少爷不知哪来的福气,娶来这样的能手,尧府要不富上加富恐怕很难啰。
「简汉,上个月购买齐氏商行洋货的那笔帐付出去了没?」她突然抬起头来看向神情不定,有些紧张的中年大汉。他是尧府总帐房主事。
「二……夫人……早付……出去了。」他抖着声。二夫人怎么会突然问起这笔帐?
「你中饱私囊了多少?」她放下算盘单刀直入的问。
他吓得噗通一声跪下。「二夫人,属下从不做这种事的?」他大喊冤枉。
她丢下一本帐册至他面前。「这是这些年来咱们与齐氏商行交易的帐目,依帐目看来,咱们每月都多付对方上百两之多,我问你,这笔钱到哪里去了?」
「这个……」证据确凿,他已是这个月第五个被二夫人抓到贪污、收贿的主事。「二夫人请看在属下为尧府工作十多年,就原谅我这一回。」他赶紧请命。
「就是因为你已为尧府工作十多年,还做出这等事,才教人心寒,难道尧府亏待了你吗?」她难过的说。
「二夫人,尧府没有亏待我,尧老爷在世时更是对我恩重如山。」他羞惭的低下头来。
「既是如此,你就更不该了。」她斥责。
「属下只是一时财迷心窍。」他悔不当初。
「罢了,很少人过得了钱财这一关,况且我查过,除了这笔帐有问题外,其他的尚且清楚,证明你只是一时胡涂,所以这回我不予追究,今后你当自重。」带人带心,只要有悔悟,她便不多加为难。

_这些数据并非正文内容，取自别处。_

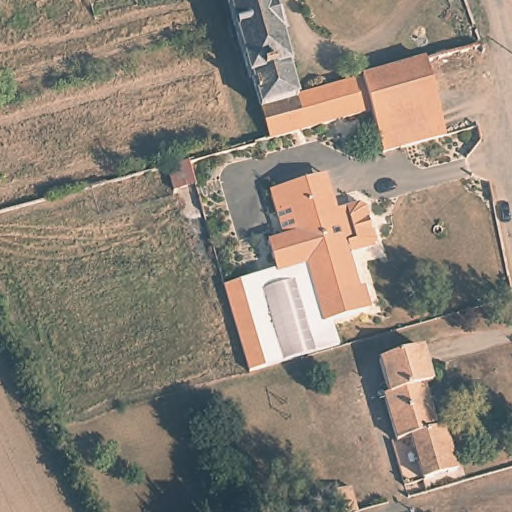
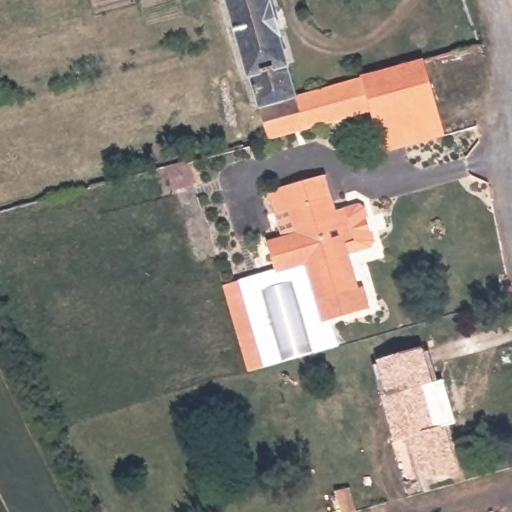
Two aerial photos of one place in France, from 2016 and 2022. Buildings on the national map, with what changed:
unchanged [(263,119),(252,78),(247,80),(239,47),(238,47),(230,17),(225,0),(271,0),(271,1),(272,1),(282,38),(290,67),(288,68),(297,96),(301,111),(264,121),(263,119)]
unchanged [(405,113),(393,70),(482,45),(491,77),(433,94),(437,104),(405,113)]
unchanged [(301,111),(297,96),(393,70),(405,113),(437,104),(446,136),(382,154),(371,111),(270,140),(264,121),(301,111)]
unchanged [(360,204),(366,207),(376,241),(372,248),(353,254),(363,286),(370,310),(323,323),(306,265),(276,273),(267,242),(282,238),(275,211),(269,191),(291,185),(325,175),(331,195),(336,211),(360,204)]
unchanged [(239,281),(265,367),(249,372),(224,285),(239,281)]
unchanged [(423,386),(436,429),(444,426),(457,471),(423,481),(410,437),(397,441),(383,396),(388,395),(379,360),(421,348),(432,383),(423,386)]
unchanged [(355,512),(341,512),(338,503),(335,492),(350,487),(353,500),(357,511),(355,512)]

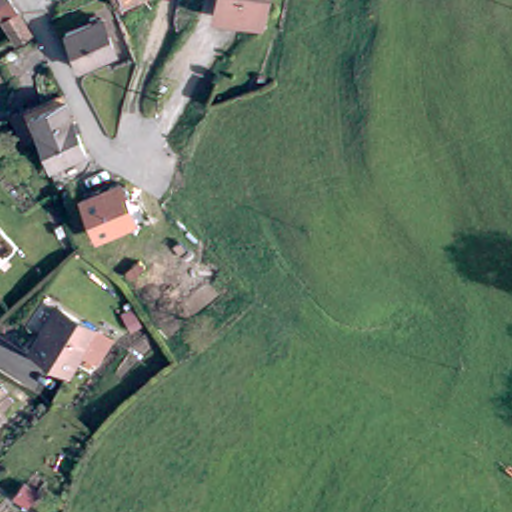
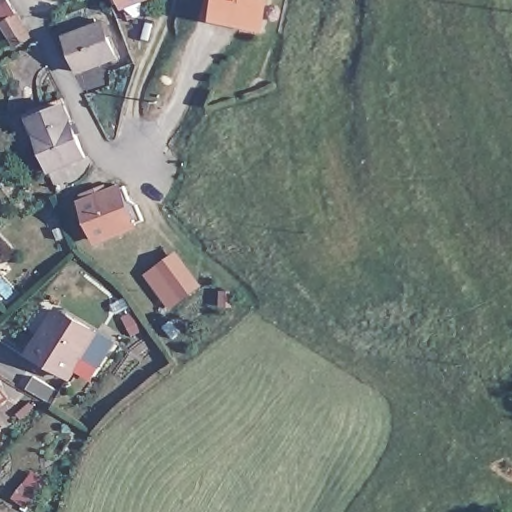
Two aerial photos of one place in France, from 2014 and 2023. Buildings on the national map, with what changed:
unchanged [(0,26),(0,0),(5,0),(5,1),(14,15),(27,35),(26,36),(13,45),(0,26)]
unchanged [(117,0),(136,0),(119,6),(117,0)]
unchanged [(218,11),(220,0),(265,0),(261,20),(218,11)]
unchanged [(93,21),(92,17),(98,15),(99,19),(103,17),(114,52),(78,66),(66,31),(93,21)]
unchanged [(23,150),(14,122),(63,102),(68,109),(72,125),(37,139),(39,145),(23,150)]
unchanged [(72,125),(73,125),(86,160),(50,174),(39,145),(37,139),(72,125)]
unchanged [(118,181),(131,215),(126,220),(90,235),(77,199),(103,189),(101,185),(108,182),(109,185),(113,184),(118,181)]
new [(174,255),(195,283),(178,296),(168,303),(148,276),(158,268),(174,255)]
unchanged [(110,340),(95,362),(79,352),(66,373),(28,350),(58,306),(110,340)]

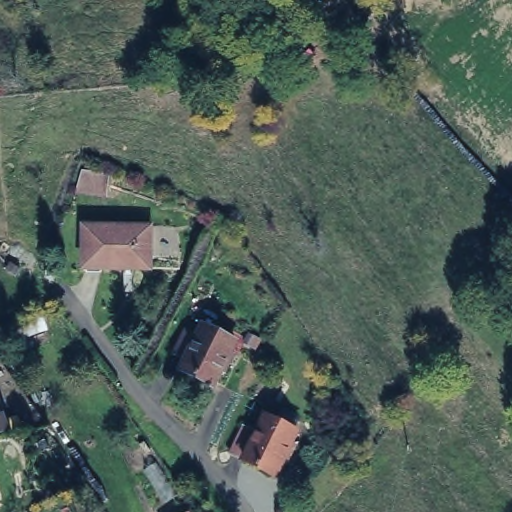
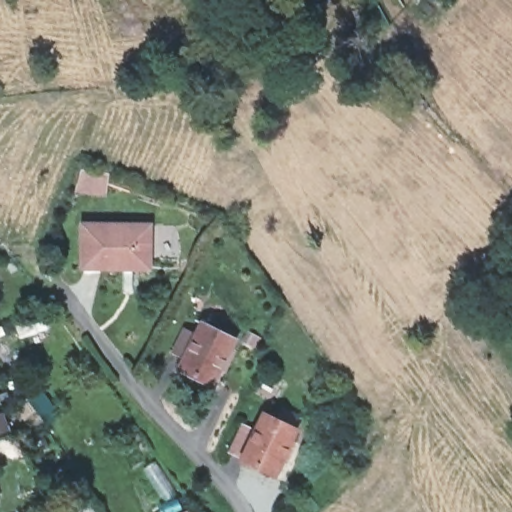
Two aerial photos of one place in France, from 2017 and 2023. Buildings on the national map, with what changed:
unchanged [(124,162),(116,178),(90,165),(96,150),(124,162)]
unchanged [(150,211),(148,252),(81,246),(85,205),(150,211)]
unchanged [(244,331),(240,339),(243,341),(234,358),(230,356),(223,370),(193,354),(199,343),(185,335),(197,311),(211,318),(213,315),(244,331)]
unchanged [(298,421),(296,425),(299,430),(289,450),(285,448),(279,464),(249,449),(232,440),(246,411),(262,420),(268,406),(298,421)]
unchanged [(191,510),(191,512),(187,512),(191,510)]

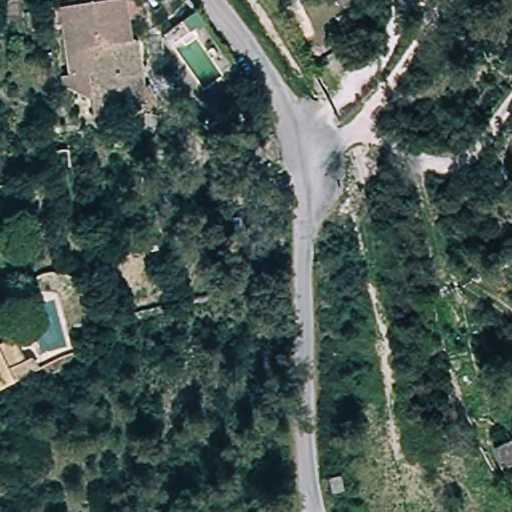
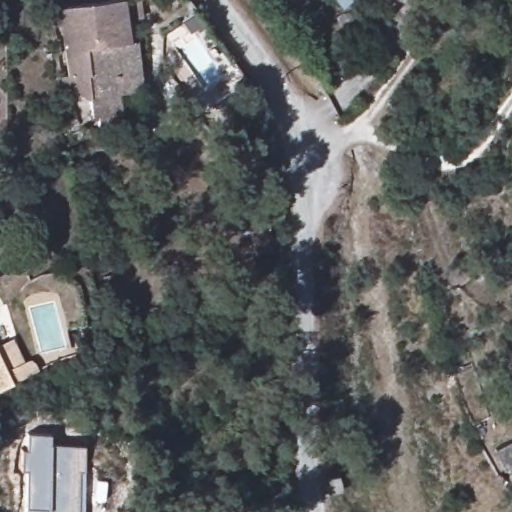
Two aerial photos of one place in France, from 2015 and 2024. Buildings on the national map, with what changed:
unchanged [(124,0),(136,41),(130,42),(143,91),(118,95),(121,125),(97,128),(96,117),(90,117),(88,100),(64,89),(61,87),(60,77),(57,15),(56,8),(60,7),(113,0),(124,0)]
new [(335,0),(352,0),(343,9),(335,0)]
demolished [(53,288),(75,282),(87,327),(64,332),(53,288)]
unchanged [(16,337),(27,361),(33,358),(38,363),(41,370),(0,392),(0,346),(16,337)]
new [(49,433),(49,446),(83,445),(84,471),(78,471),(78,512),(26,512),(26,472),(22,472),(22,451),(28,452),(27,435),(49,433)]
unchanged [(503,466),(494,443),(512,437),(512,463),(503,466)]
unchanged [(331,496),(328,480),(329,480),(339,477),(343,493),(335,495),(331,496)]

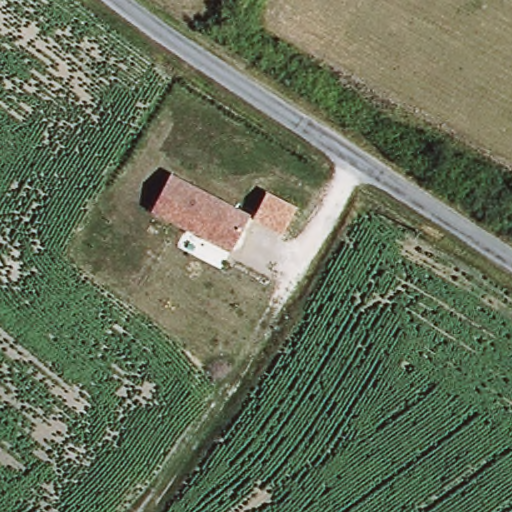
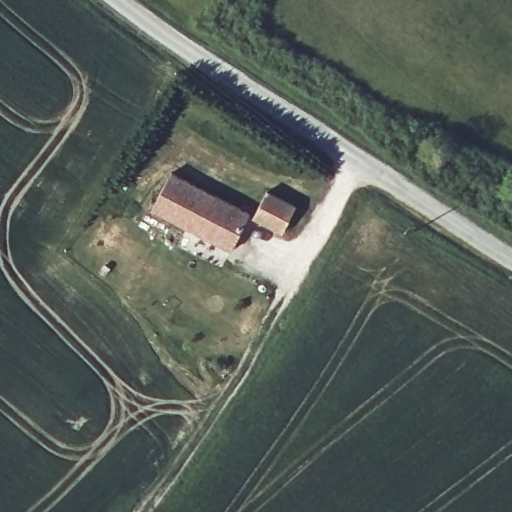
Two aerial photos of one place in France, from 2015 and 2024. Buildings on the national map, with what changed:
unchanged [(251,214),(232,253),(152,211),(172,173),(251,214)]
unchanged [(300,205),(284,237),(254,220),(270,190),(300,205)]

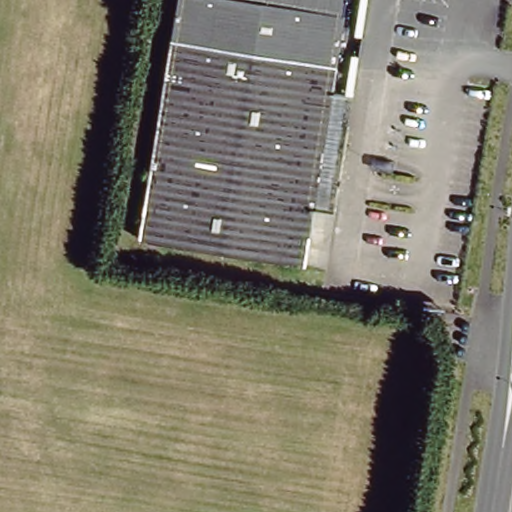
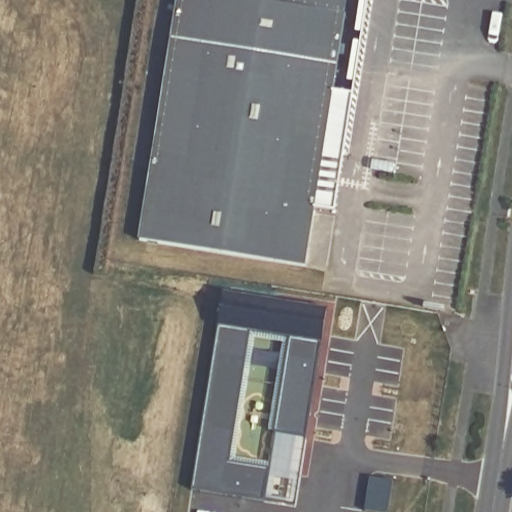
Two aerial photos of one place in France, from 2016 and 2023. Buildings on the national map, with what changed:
unchanged [(344,17),(331,92),(312,210),(303,266),(141,240),(152,171),(180,0),(240,0),(344,17)]
unchanged [(240,0),(347,0),(344,17),(240,0)]
unchanged [(358,0),(367,0),(362,34),(353,32),(358,0)]
unchanged [(350,51),(357,52),(352,96),(343,94),(350,51)]
unchanged [(352,96),(333,212),(312,210),(331,92),(352,96)]
new [(223,293),(327,309),(307,437),(275,432),(290,337),(250,331),(230,460),(270,466),(265,502),(191,490),(223,293)]
new [(275,432),(307,437),(296,506),(265,502),(275,432)]
new [(393,481),(388,512),(377,512),(365,511),(370,477),(393,481)]

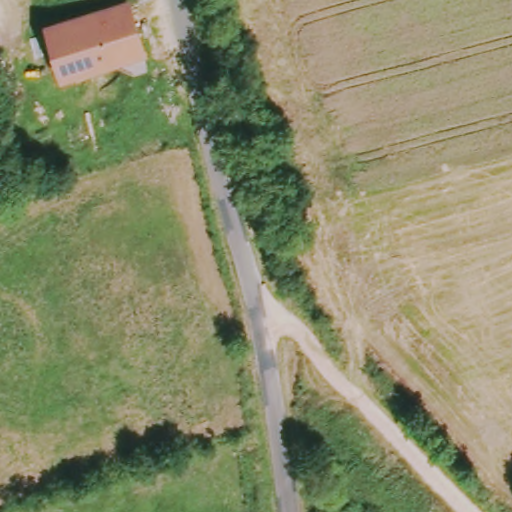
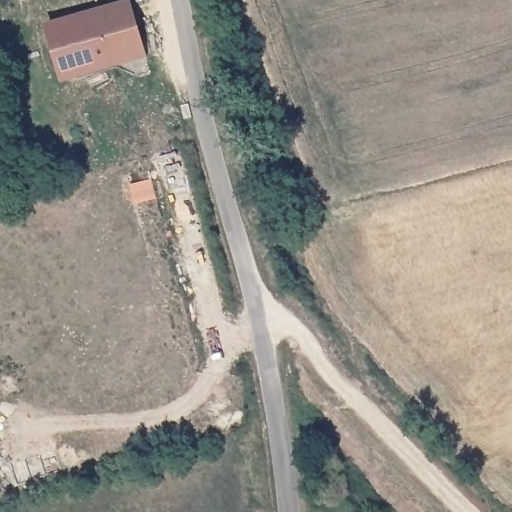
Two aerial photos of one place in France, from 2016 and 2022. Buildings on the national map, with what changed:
unchanged [(44,28),(133,3),(148,61),(61,87),(44,28)]

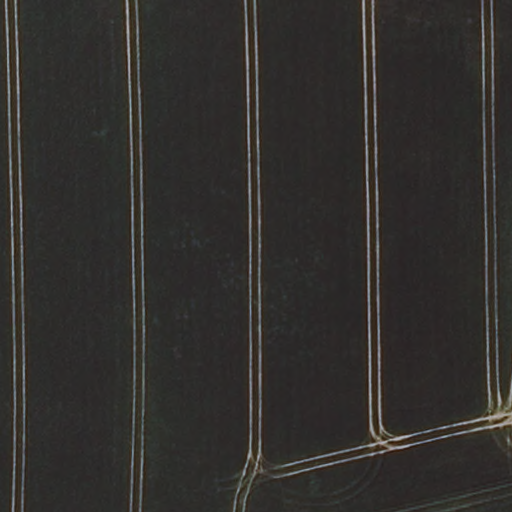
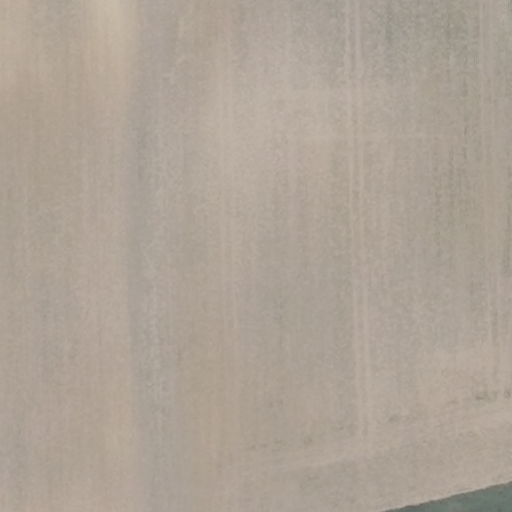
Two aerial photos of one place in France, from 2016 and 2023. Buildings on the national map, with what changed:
[]

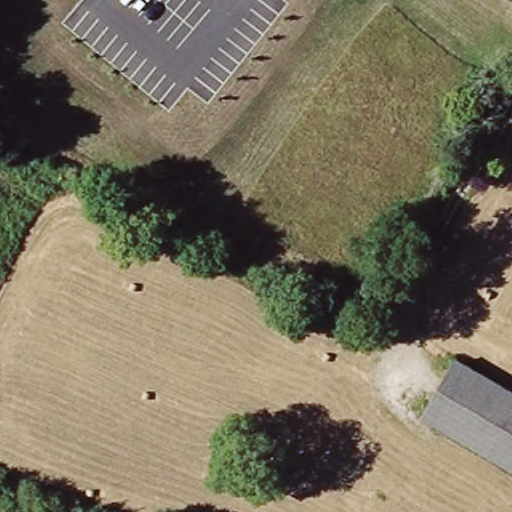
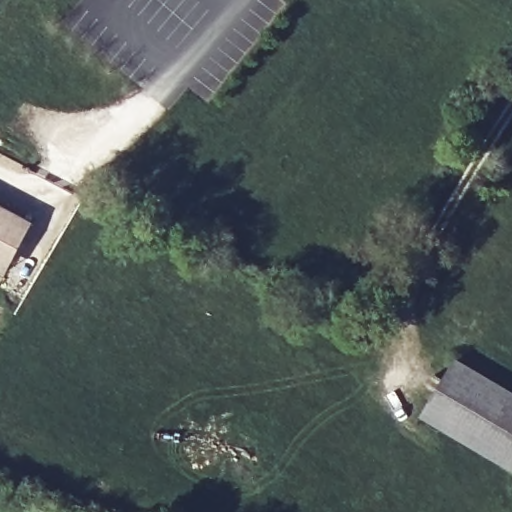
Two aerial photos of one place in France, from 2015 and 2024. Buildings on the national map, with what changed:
new [(0,268),(0,204),(34,222),(12,263),(7,272),(0,268)]
unchanged [(512,396),(512,472),(422,420),(457,364),(512,396)]

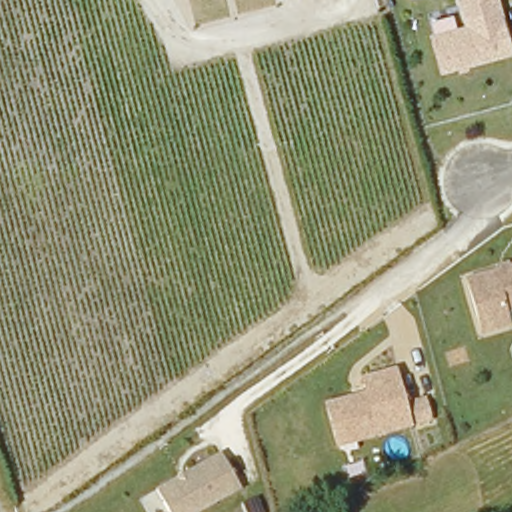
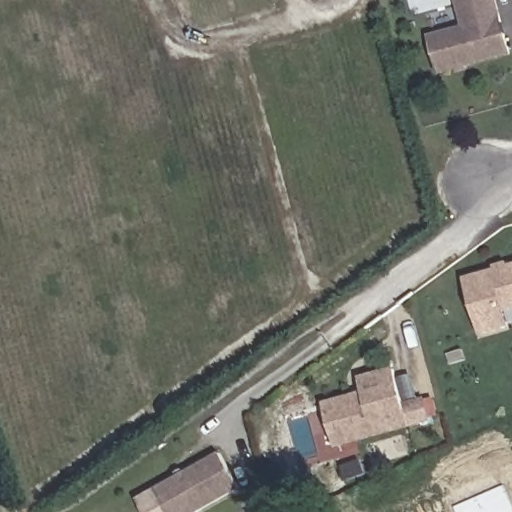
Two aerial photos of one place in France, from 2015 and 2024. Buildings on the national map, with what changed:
unchanged [(438,72),(427,37),(465,29),(456,0),(493,0),(507,54),(438,72)]
unchanged [(500,306),(504,320),(478,327),(462,275),(512,261),(512,302),(500,306)]
unchanged [(367,393),(363,378),(395,371),(404,405),(424,400),(430,421),(338,445),(327,403),(367,393)]
unchanged [(166,512),(153,490),(217,452),(237,486),(192,512),(166,512)]
new [(500,484),(511,512),(452,512),(450,506),(500,484)]

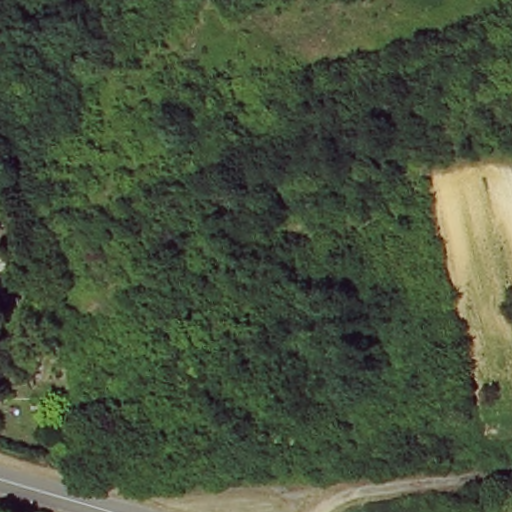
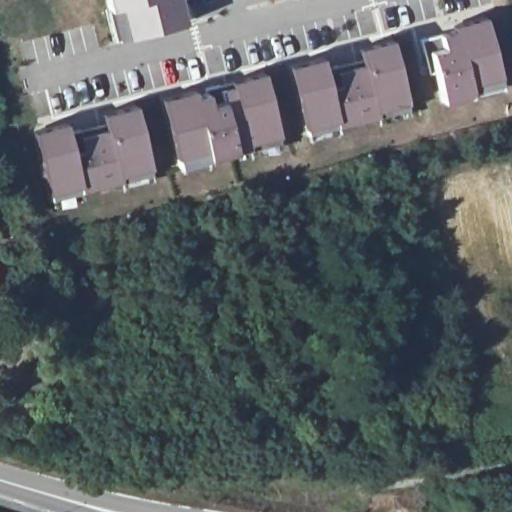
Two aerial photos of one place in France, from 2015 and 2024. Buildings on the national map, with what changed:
new [(184,23),(116,40),(116,39),(126,36),(119,8),(109,11),(108,9),(106,0),(178,0),(184,23)]
new [(420,40),(439,35),(455,32),(453,27),(484,19),(500,84),(499,85),(497,77),(469,84),(472,94),(441,102),(430,53),(429,52),(429,53),(434,73),(428,74),(423,54),(420,40)]
new [(306,125),(308,135),(307,135),(290,67),(321,59),(323,69),(337,66),(362,60),(364,65),(360,49),(390,42),(408,110),(406,110),(404,100),(375,107),(378,117),(337,128),(334,117),(306,125)]
new [(206,94),(205,89),(263,75),(280,143),(279,143),(276,133),(248,140),(250,150),(210,161),(209,161),(206,150),(178,158),(180,168),(179,168),(162,100),(193,92),(194,97),(195,97),(206,94)]
new [(34,132),(65,125),(67,134),(80,131),(82,137),(108,131),(104,115),(134,107),(151,175),(150,175),(148,165),(119,172),(122,183),(81,193),(78,183),(49,190),(52,200),(51,200),(49,191),(34,132)]
new [(82,137),(80,131),(106,124),(108,131),(107,131),(82,137)]

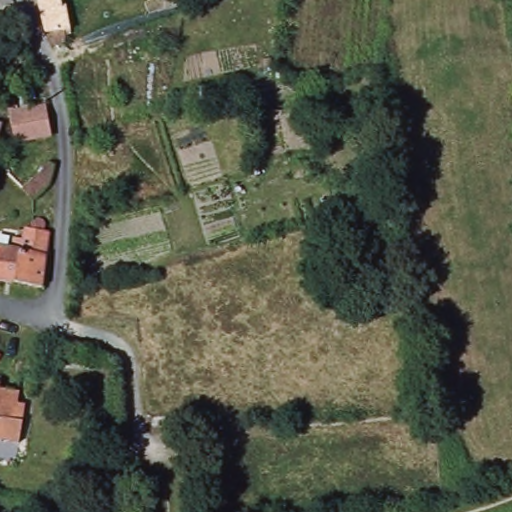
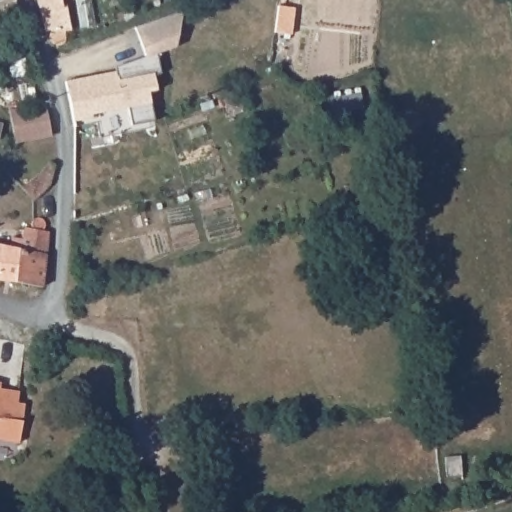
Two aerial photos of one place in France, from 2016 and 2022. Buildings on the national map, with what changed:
unchanged [(66,0),(67,3),(69,15),(70,21),(71,30),(66,30),(66,34),(66,36),(65,36),(64,38),(62,40),(59,40),(54,40),(51,38),(50,35),(50,30),(52,27),(46,28),(44,22),(40,6),(38,0),(62,0),(62,1),(66,0)]
new [(116,71),(115,68),(145,56),(135,28),(183,11),(178,46),(157,54),(161,73),(155,75),(157,91),(150,93),(154,120),(132,124),(130,111),(74,121),(66,81),(116,71)]
unchanged [(46,106),(47,106),(52,136),(16,143),(15,141),(9,111),(26,109),(29,108),(46,106)]
unchanged [(2,125),(0,134),(0,124),(2,125)]
unchanged [(35,173),(49,157),(55,160),(51,171),(46,185),(34,196),(22,184),(35,173)]
unchanged [(11,278),(0,276),(0,240),(11,242),(13,232),(23,234),(26,222),(32,224),(32,220),(32,218),(34,215),(36,214),(39,213),(42,214),(44,215),(45,217),(46,220),(46,222),(45,224),(43,226),(49,227),(42,283),(11,278)]
unchanged [(19,387),(17,398),(25,399),(19,439),(0,435),(0,384),(19,387)]
unchanged [(138,467),(140,480),(125,482),(123,470),(138,467)]

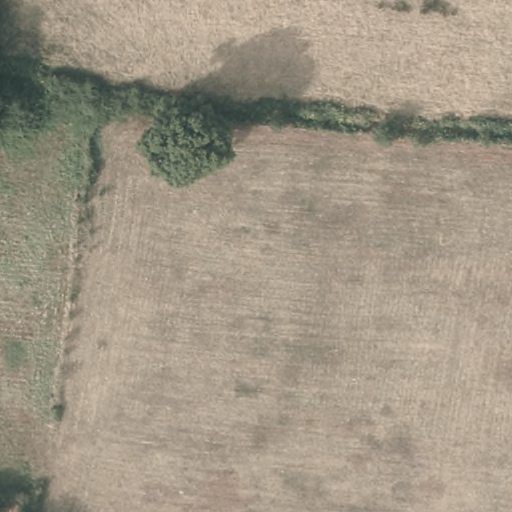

「谢谢二夫人,属下不敢再犯,今后一定尽心尽力为尧号办事。」他一家数口多年来全仰仗尧府过活,若如此不名誉丢了差事,如何见人亦如何养家活口?所以对二夫人厚道的不予追究,他感激涕零。
「嗯,樟叔。」她转向另一名留有胡子的男子。
「二夫人。」樟叔走上前听其吩咐。
「近日听说济南在闹灾荒,你是掌管粮仓的,就以少爷的名义开仓济粮。」她明了唯有广结善缘才是为富之道,也才能长久庇荫子孙。
「谁准许你这么做了?」王娇娇盛气凌人的闯进书房。
「夫人。」德意惊讶于王娇娇和陈汐娘怒气冲天的出现。